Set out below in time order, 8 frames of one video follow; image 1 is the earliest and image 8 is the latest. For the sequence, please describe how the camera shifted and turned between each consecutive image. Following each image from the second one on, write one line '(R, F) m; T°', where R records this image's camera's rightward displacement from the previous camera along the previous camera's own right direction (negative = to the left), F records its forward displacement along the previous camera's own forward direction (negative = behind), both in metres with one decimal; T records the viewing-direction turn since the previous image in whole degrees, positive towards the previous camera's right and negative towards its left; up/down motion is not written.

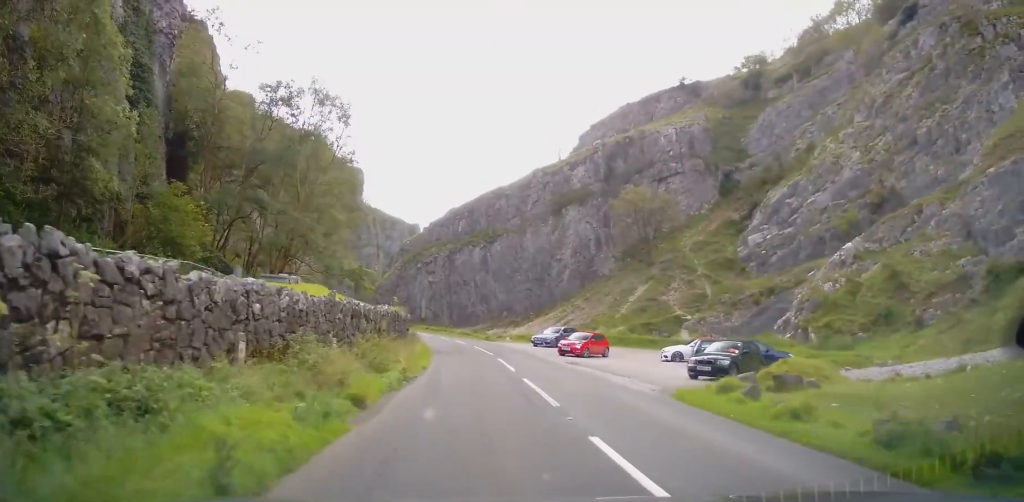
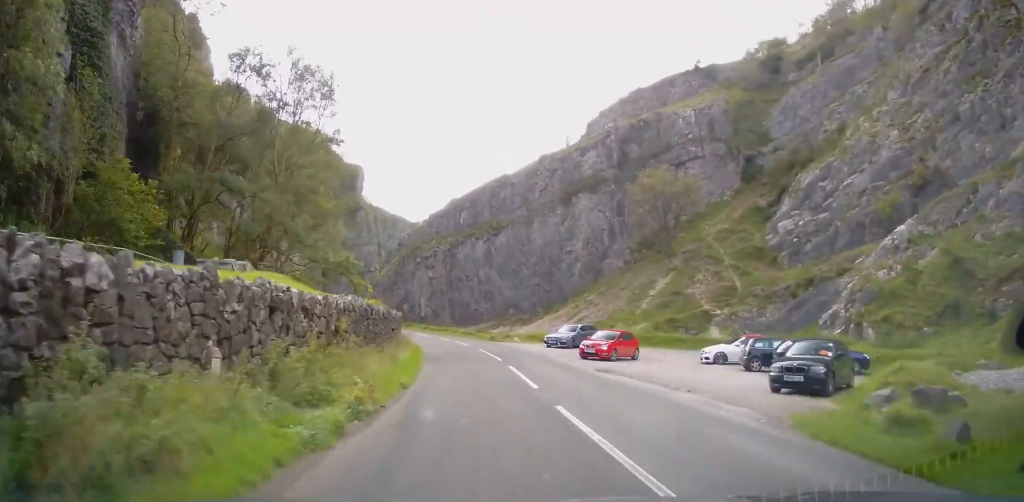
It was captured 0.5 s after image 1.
(0.0, +5.8) m; -1°
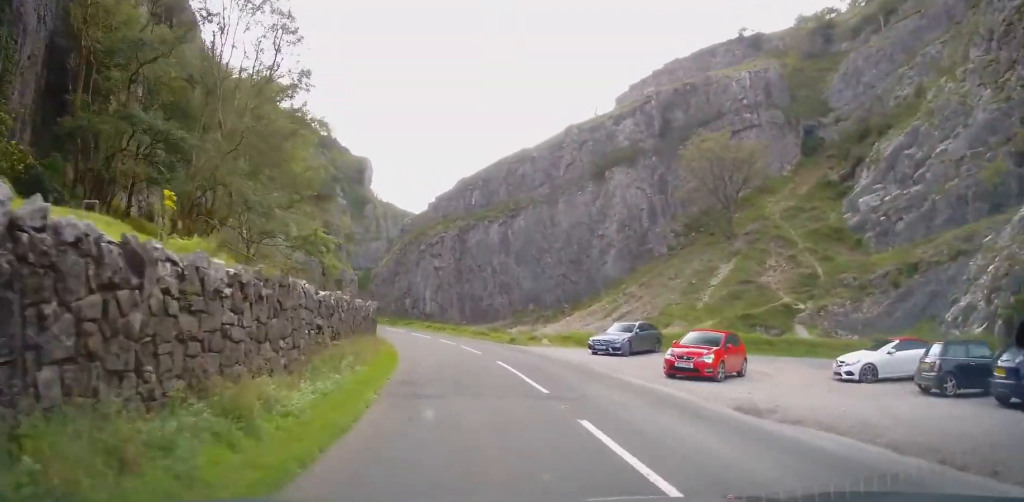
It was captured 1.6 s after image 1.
(-0.2, +11.5) m; -3°
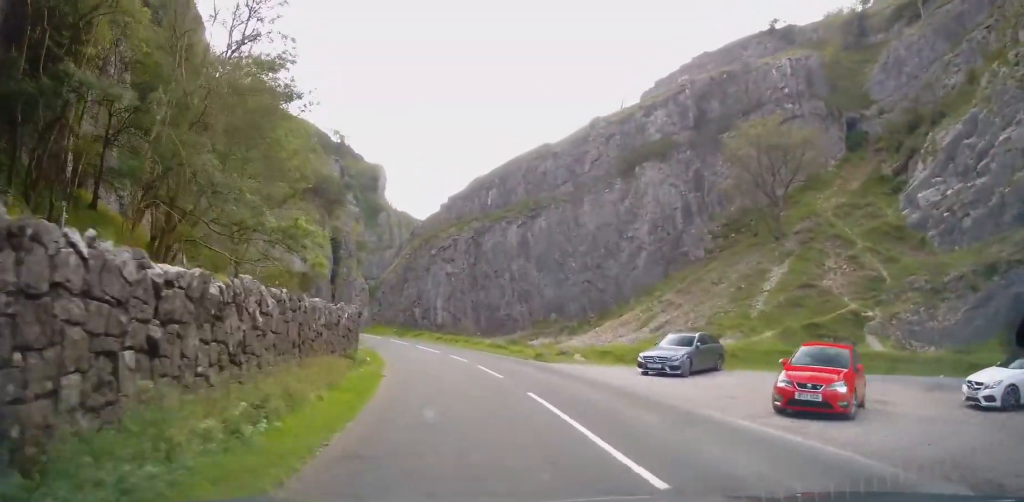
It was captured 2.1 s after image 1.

> [Requirement]:
Your answer must be an exact copy of the records, minus any pictures.

> [Reply to the task]:
Set out below in time order, 8 frames of one video follow; image 1 is the earliest and image 8 is the latest. For the sequence, please describe how the camera shifted and turned between each consecutive image. Following each image from the second one on, write one line '(R, F) m; T°', where R records this image's camera's rightward displacement from the previous camera along the previous camera's own right direction (negative = to the left), F records its forward displacement along the previous camera's own forward direction (negative = behind), both in metres with one decimal; T records the viewing-direction turn since the previous image in whole degrees, positive towards the previous camera's right and negative towards its left; up/down motion is not written.

It was captured 0.5 s after image 1.
(0.0, +5.8) m; -1°
It was captured 1.6 s after image 1.
(-0.2, +11.5) m; -3°
It was captured 2.1 s after image 1.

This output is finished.